Most people reading this column — whether early in their careers or well into retirement — have had their entire financial lives shaped by the events between 1975 and 2025. And yet almost none of us were taught to study that period carefully. Instead, we’ve been conditioned by markets, media and our own wiring to obsess over what’s happening today and what might come next.

Such a short-term obsession is the enemy of good investor behavior.

If investors had a longer memory, they would worry less, trade less and likely do far better. So before looking ahead, it’s worth reflecting on the events of the last five decades and why humility, not prediction, remains the right posture for whatever comes next.

Let’s go way back to 1975. The Vietnam War ended in chaos.

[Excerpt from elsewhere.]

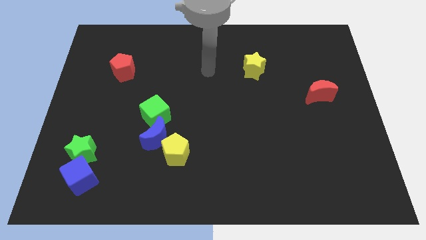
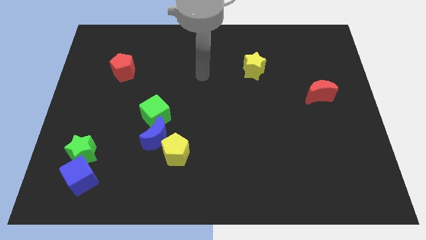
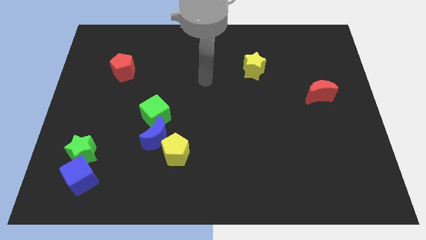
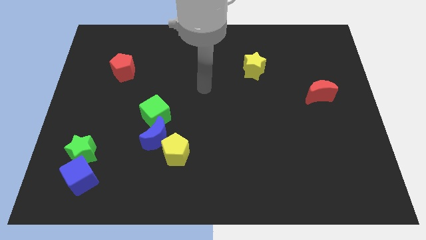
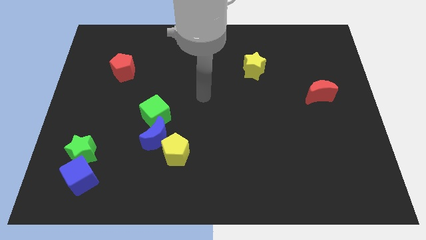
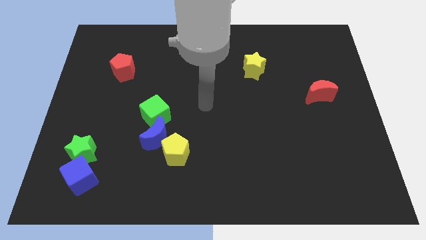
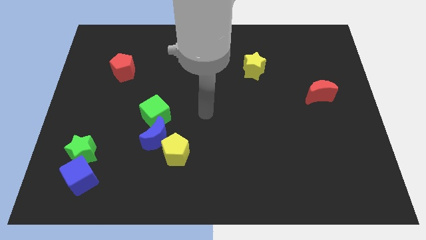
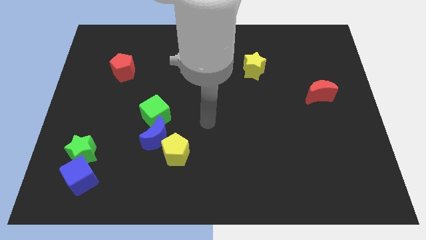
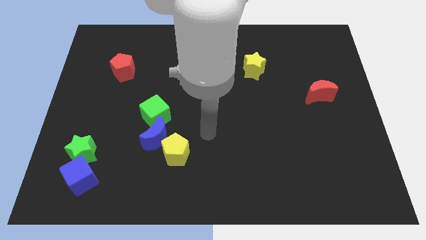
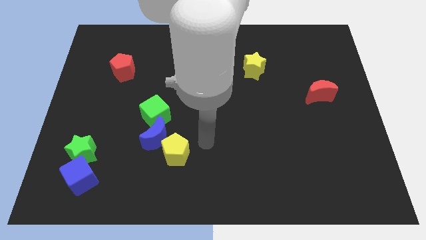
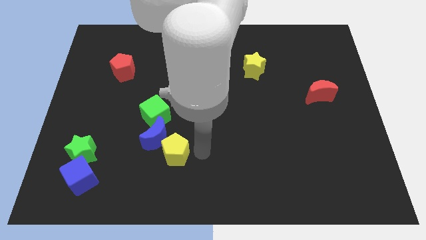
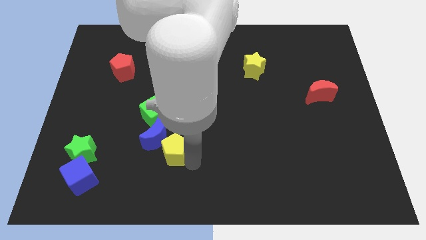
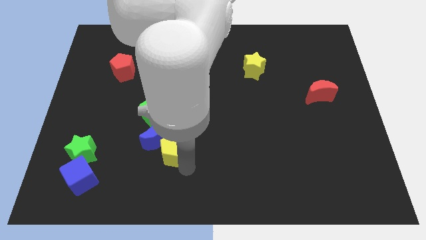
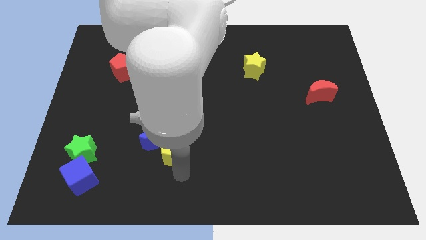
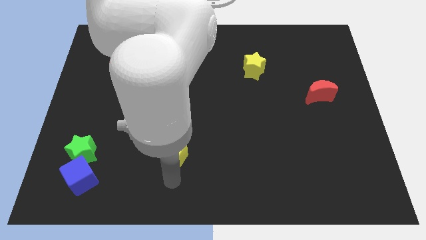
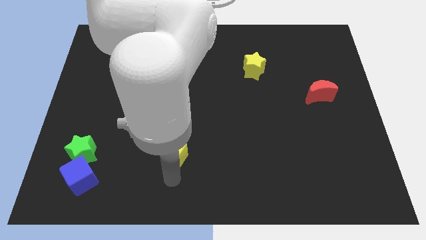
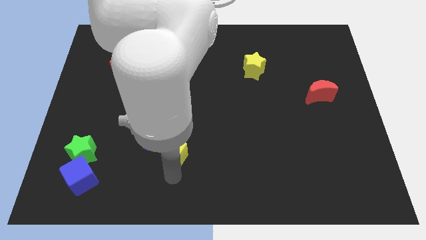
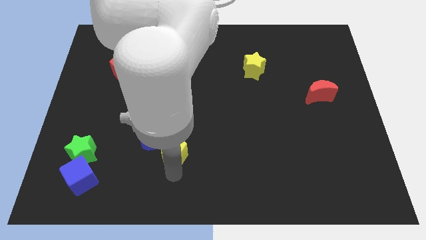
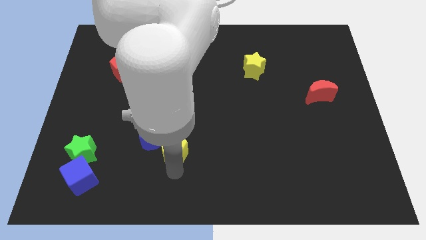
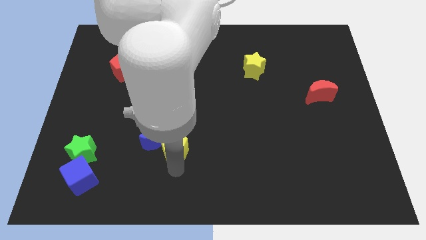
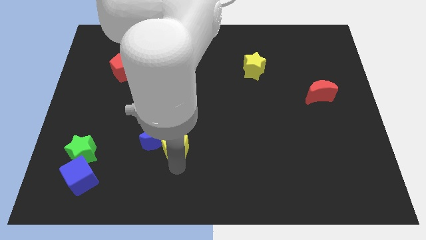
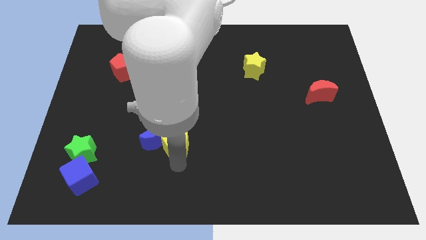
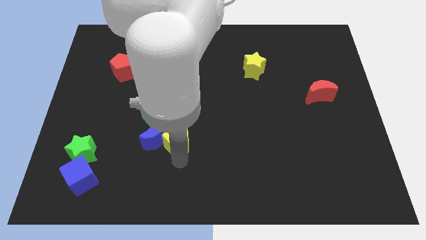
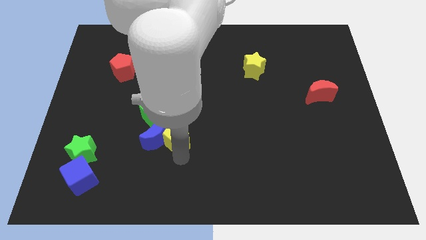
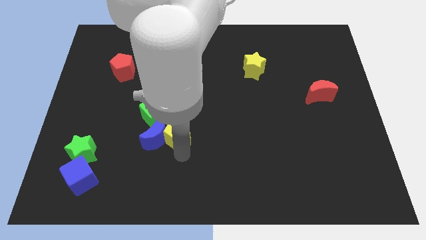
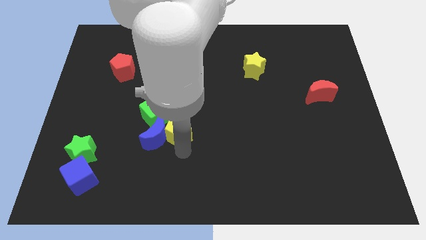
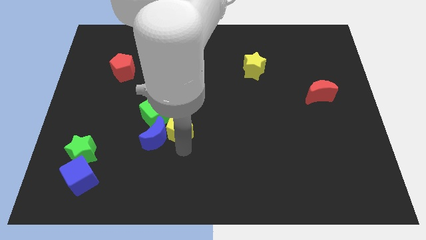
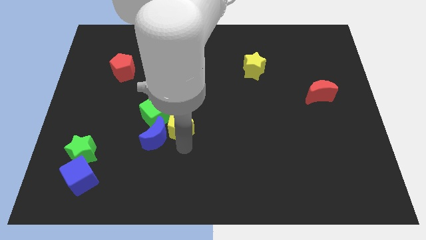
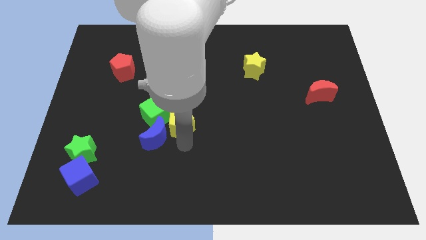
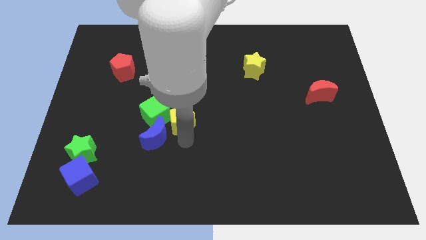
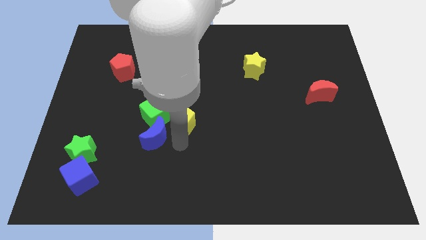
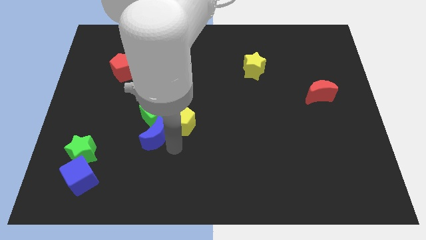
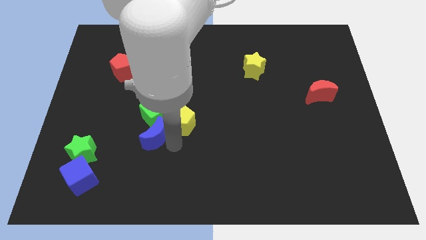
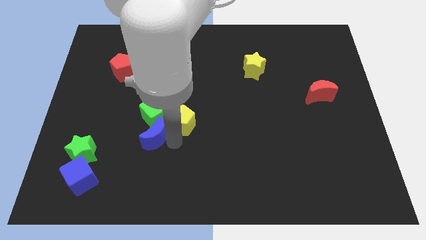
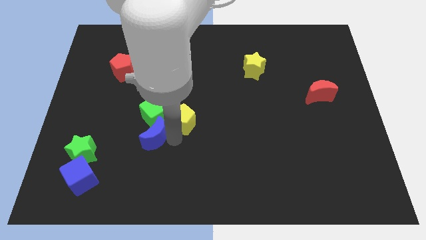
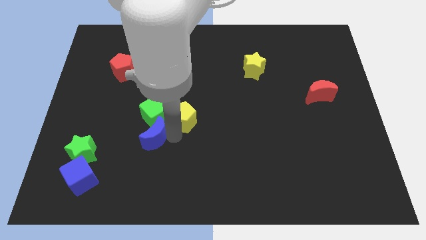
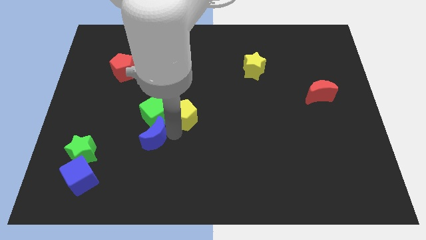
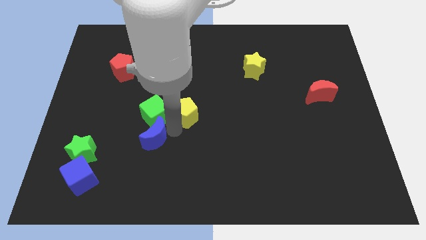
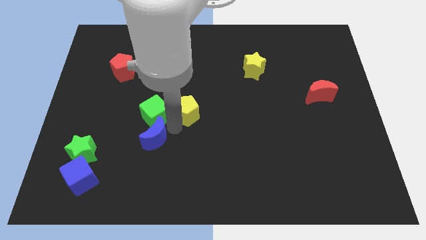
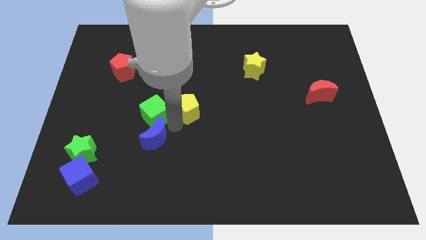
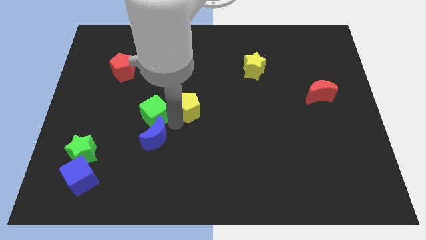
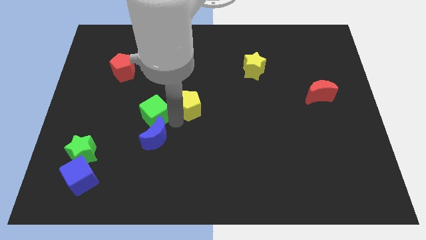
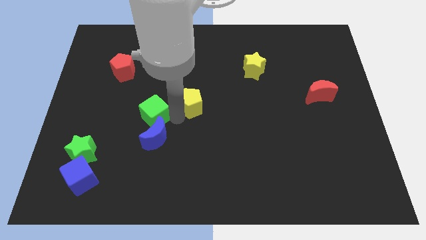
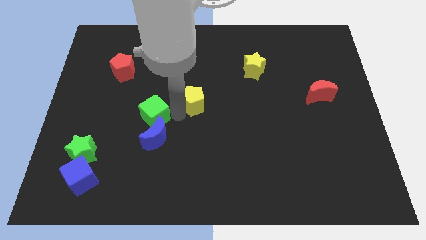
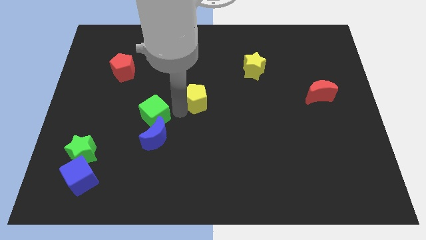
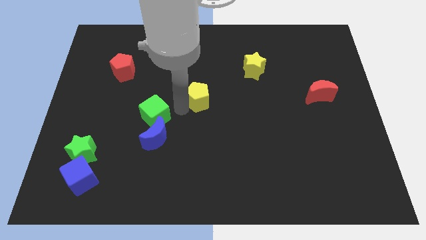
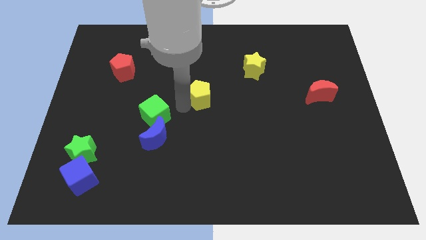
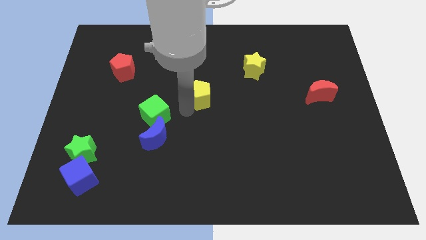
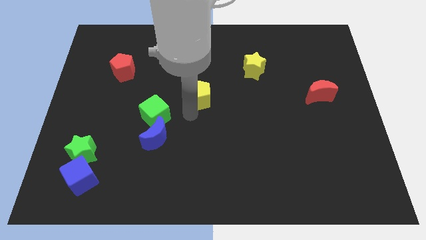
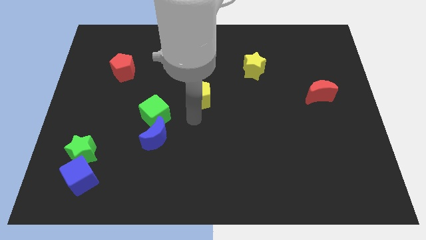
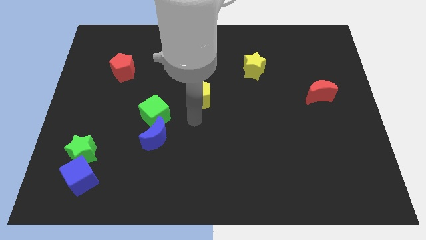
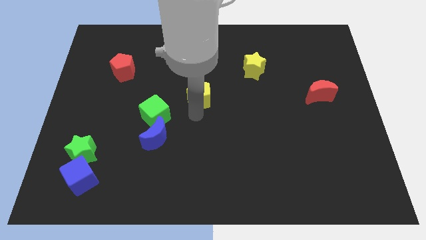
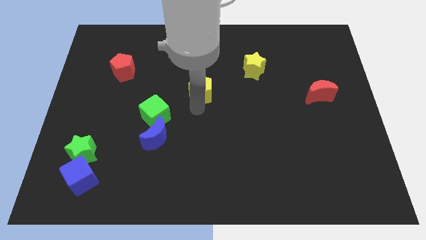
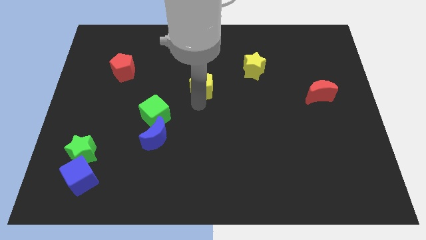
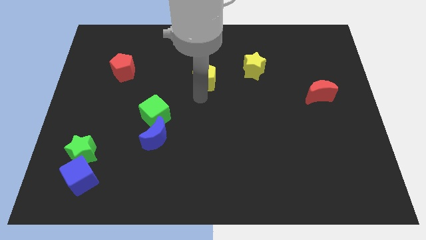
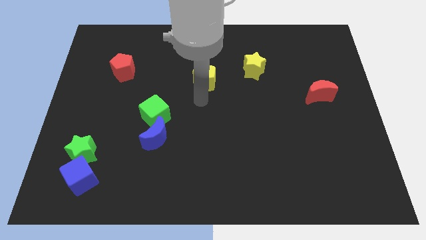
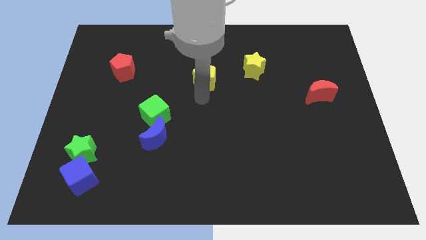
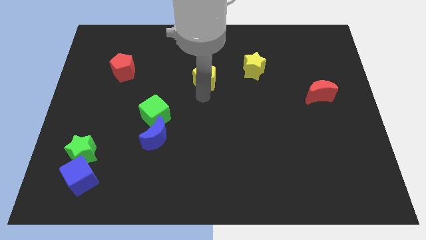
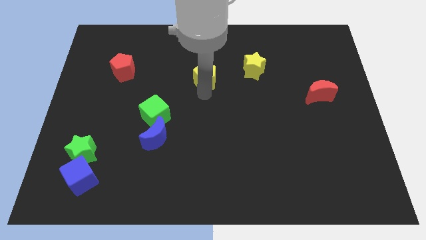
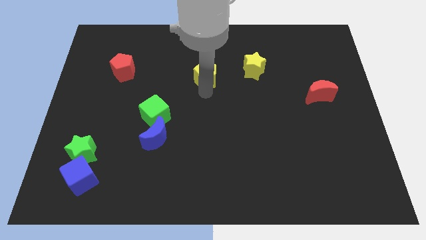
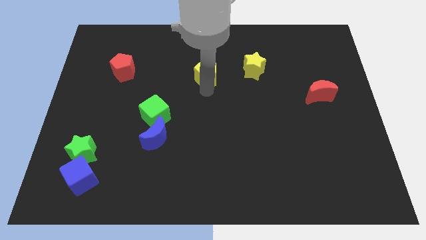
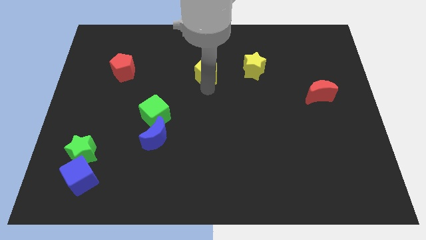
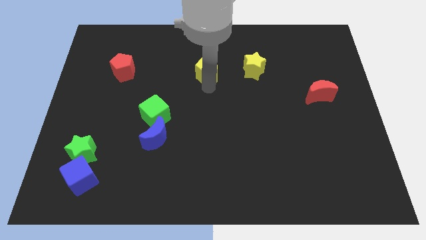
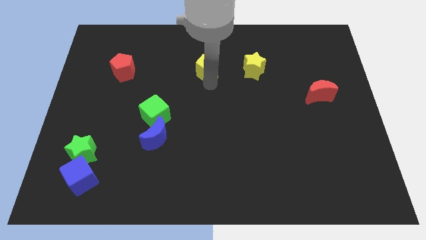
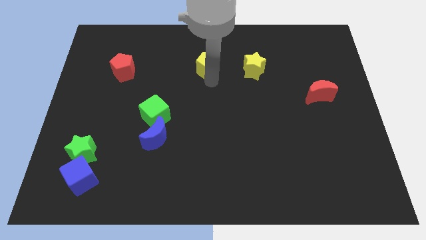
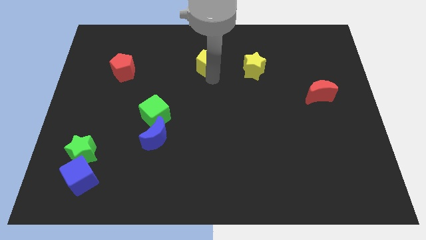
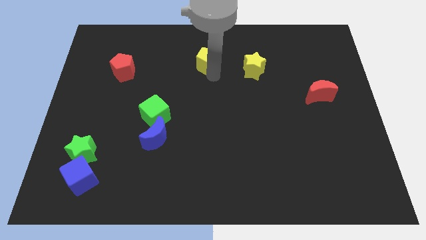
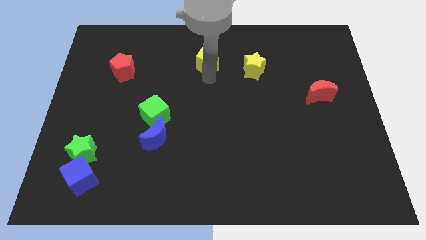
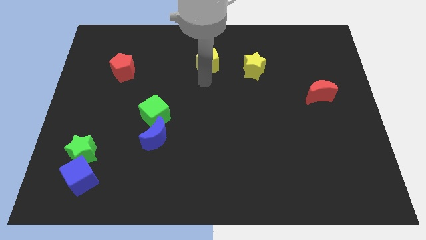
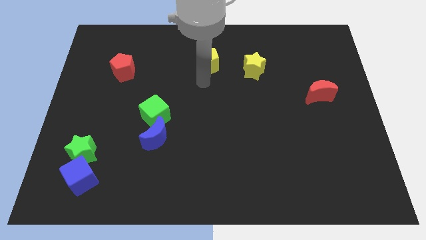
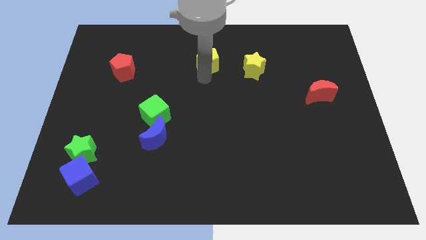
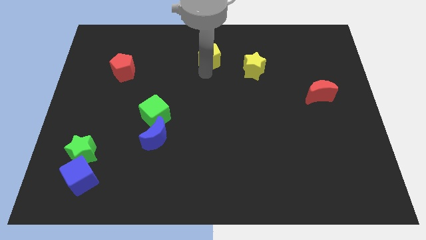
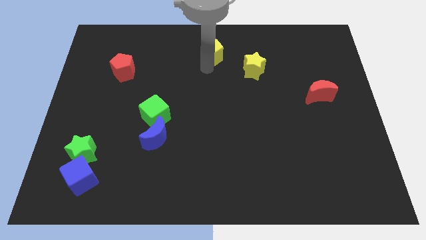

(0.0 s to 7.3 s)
put the yellow pentagon to the top

Inflation was high. Trust in institutions was low. The S&P 500 finished the year below 100. Roughly half the world’s population lived in extreme poverty. Confidence in the future was scarce.

Fast-forward 50 years.

By 2025, the global population had roughly doubled, yet extreme poverty collapsed from nearly one person in two to about one in ten (according to date from the UN). The U.S. population grew by roughly 60% while real GDP more than quadrupled. Real GDP per capita climbed from around $28,000 to nearly $70,000 according the BEA.

Meanwhile, corporate America compounded quietly in the background. Earnings grew more than 35-fold. Dividends grew more than 20-fold. Even after accounting for a sixfold rise in consumer prices, the S&P 500 increased nearly 75 times from its 1970s trough according to data from NYU.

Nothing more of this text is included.